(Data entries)
↓

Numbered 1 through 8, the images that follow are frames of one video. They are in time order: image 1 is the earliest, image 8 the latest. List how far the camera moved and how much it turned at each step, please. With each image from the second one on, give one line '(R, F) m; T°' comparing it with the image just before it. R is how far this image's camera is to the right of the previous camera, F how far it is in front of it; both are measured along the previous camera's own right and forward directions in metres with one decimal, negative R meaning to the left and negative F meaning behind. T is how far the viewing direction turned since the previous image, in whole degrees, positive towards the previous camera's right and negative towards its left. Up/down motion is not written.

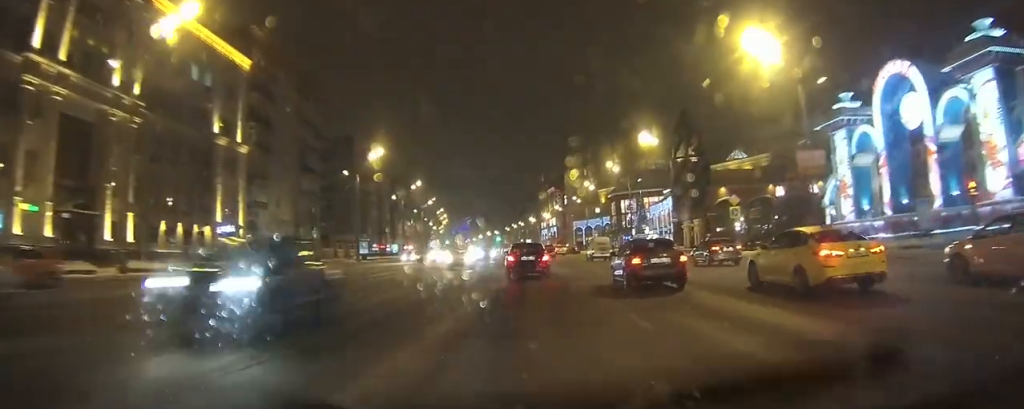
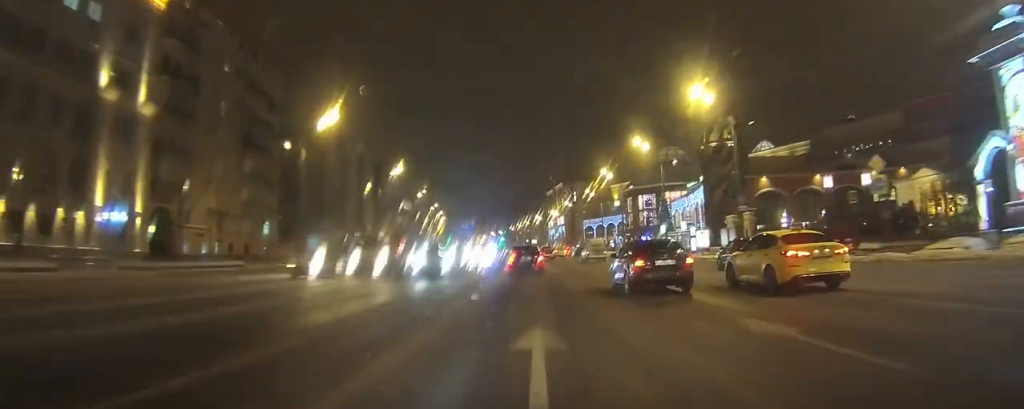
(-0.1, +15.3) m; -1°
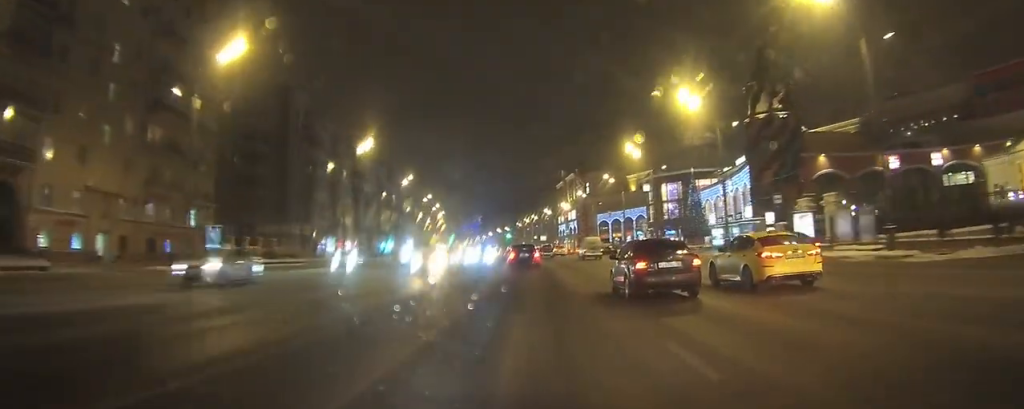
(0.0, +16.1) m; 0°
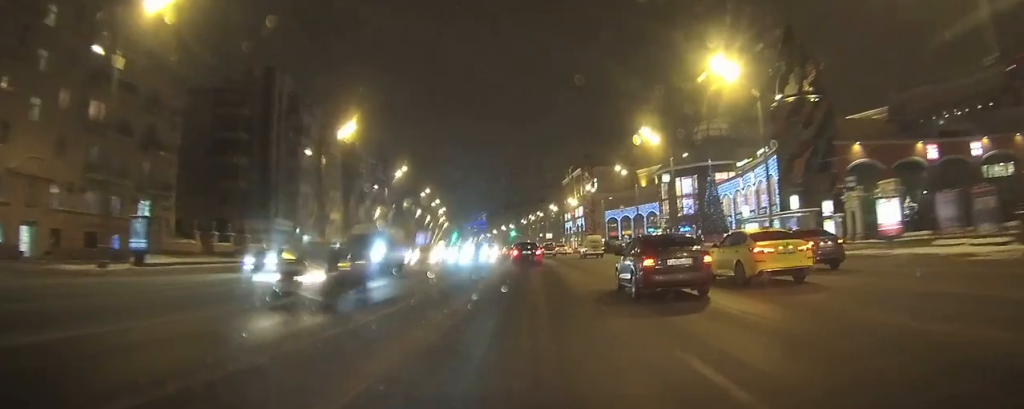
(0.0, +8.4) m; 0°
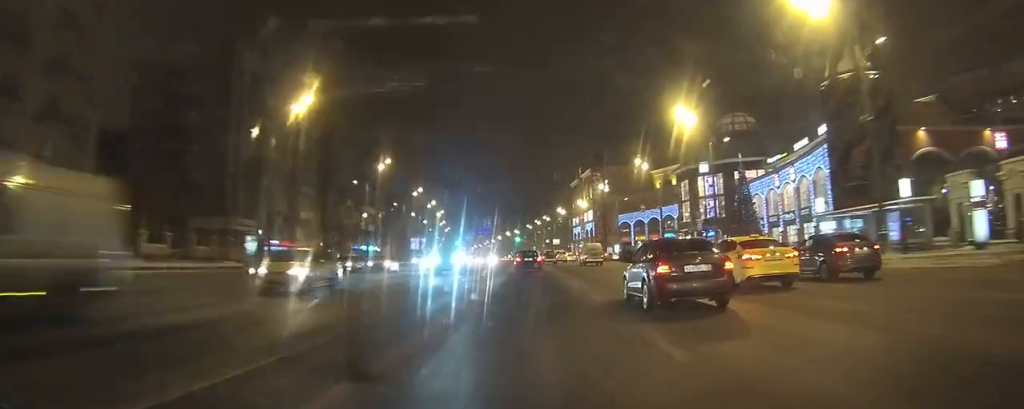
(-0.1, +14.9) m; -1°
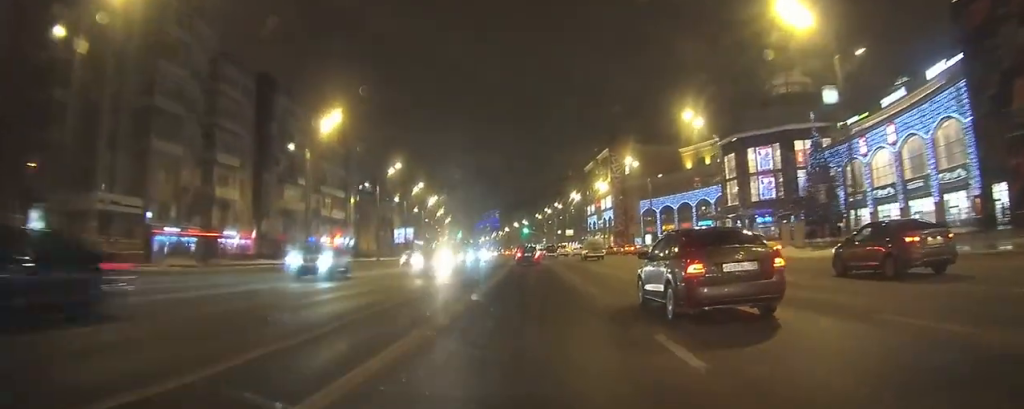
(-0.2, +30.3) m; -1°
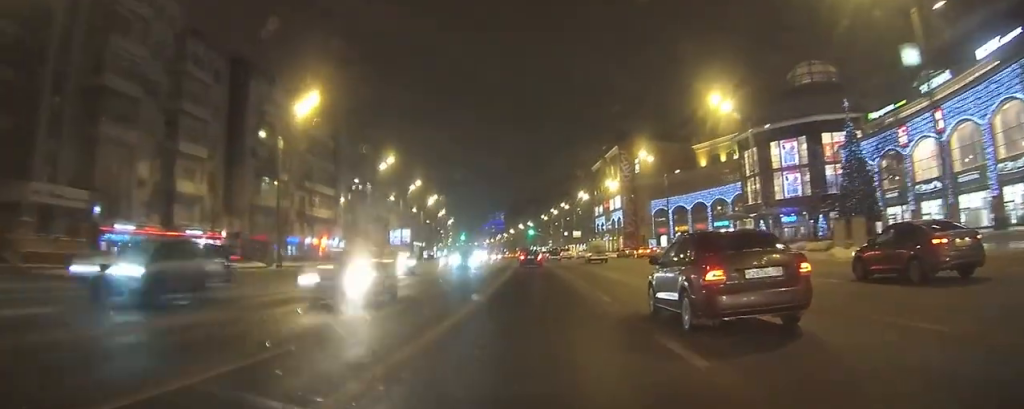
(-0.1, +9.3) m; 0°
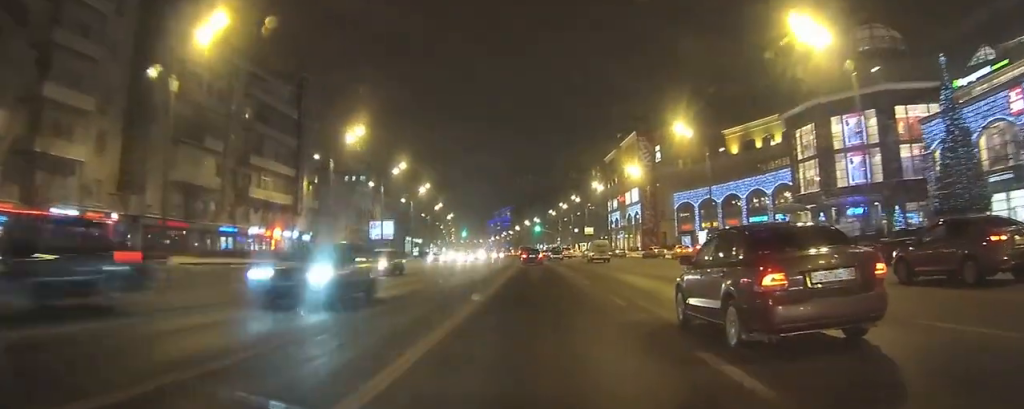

↑

Copy the records above exactly, leaving out every picture.

Numbered 1 through 8, the images that follow are frames of one video. They are in time order: image 1 is the earliest, image 8 the latest. List how far the camera moved and how much it turned at each step, please. With each image from the second one on, give one line '(R, F) m; T°' comparing it with the image just before it. R is how far this image's camera is to the right of the previous camera, F how far it is in front of it; both are measured along the previous camera's own right and forward directions in metres with one decimal, negative R meaning to the left and negative F meaning behind. T is how far the viewing direction turned since the previous image, in whole degrees, positive towards the previous camera's right and negative towards its left. Up/down motion is not written.

(-0.1, +15.3) m; -1°
(0.0, +16.1) m; 0°
(0.0, +8.4) m; 0°
(-0.1, +14.9) m; -1°
(-0.2, +30.3) m; -1°
(-0.1, +9.3) m; 0°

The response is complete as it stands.